PROBLEM: Your task is to find every line in the records that holds the string "Pulmonary" and copy it.

+ + +

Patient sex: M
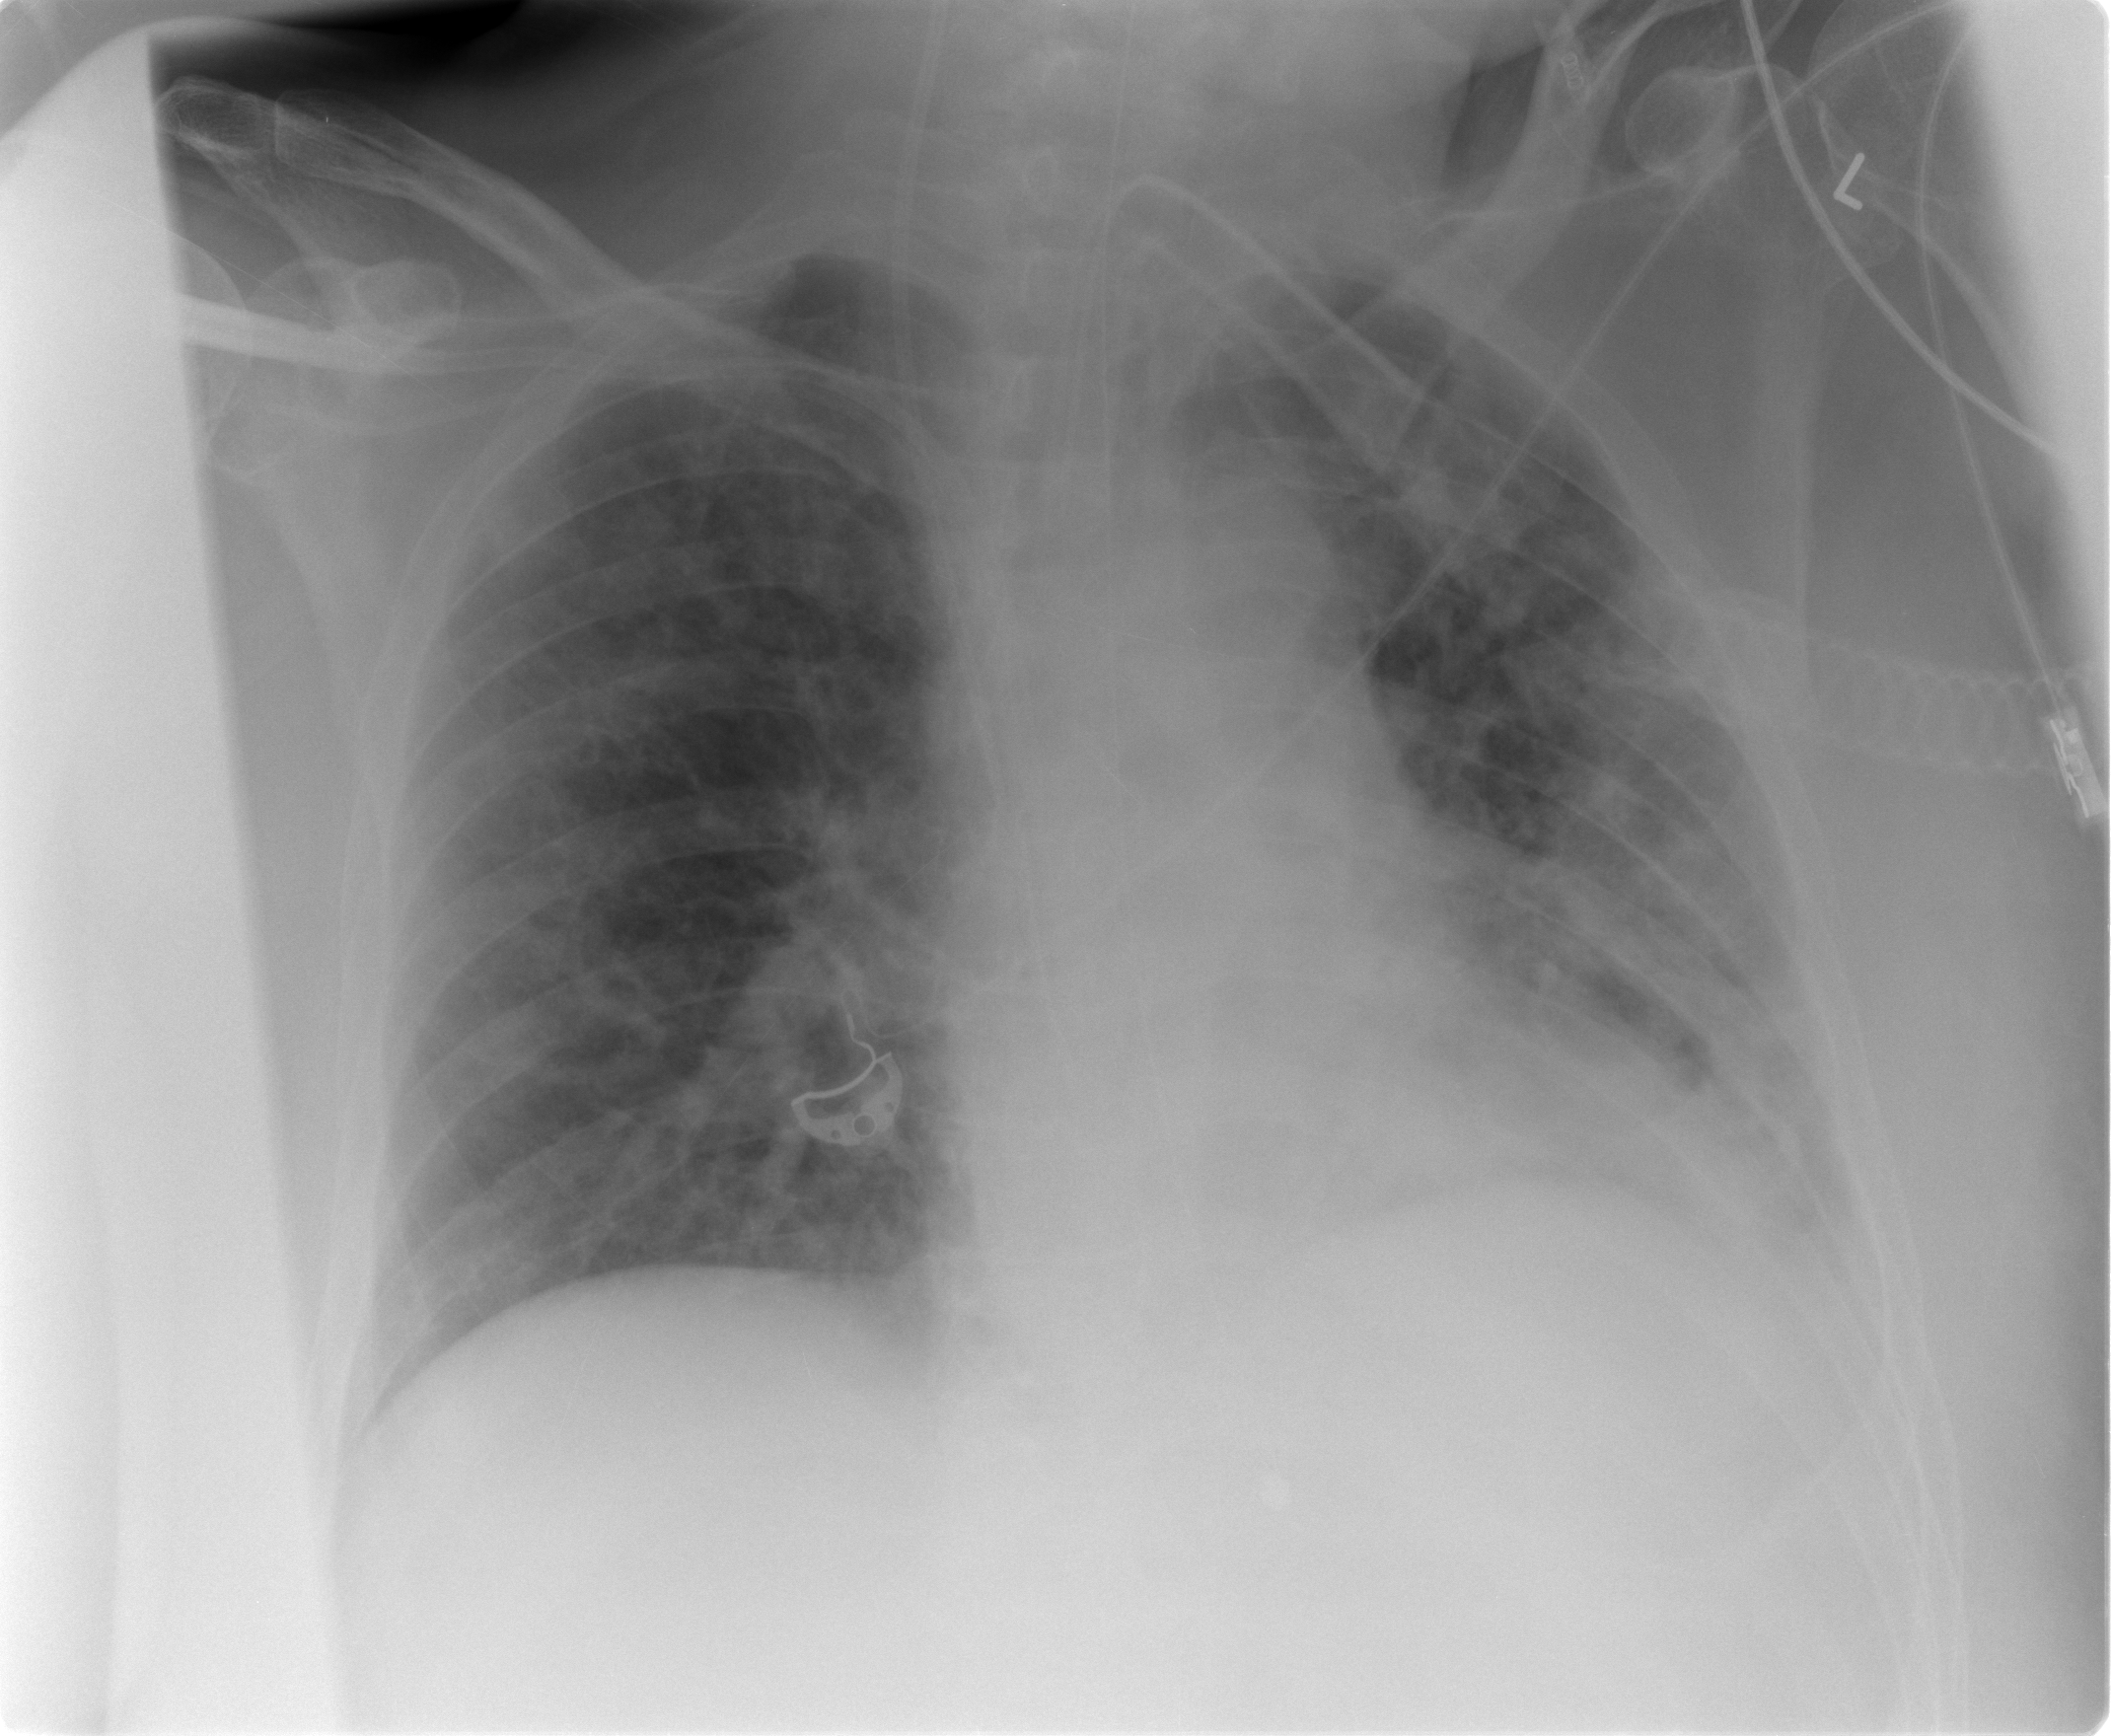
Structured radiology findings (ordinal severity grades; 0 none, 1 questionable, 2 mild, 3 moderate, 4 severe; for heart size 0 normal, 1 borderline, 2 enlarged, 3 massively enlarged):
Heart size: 2
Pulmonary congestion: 2
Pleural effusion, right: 0
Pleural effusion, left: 2
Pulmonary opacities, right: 2
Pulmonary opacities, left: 3
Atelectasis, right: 1
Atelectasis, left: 2

+ + +

WRITTEN REPLY:
Pulmonary congestion: 2
Pulmonary opacities, right: 2
Pulmonary opacities, left: 3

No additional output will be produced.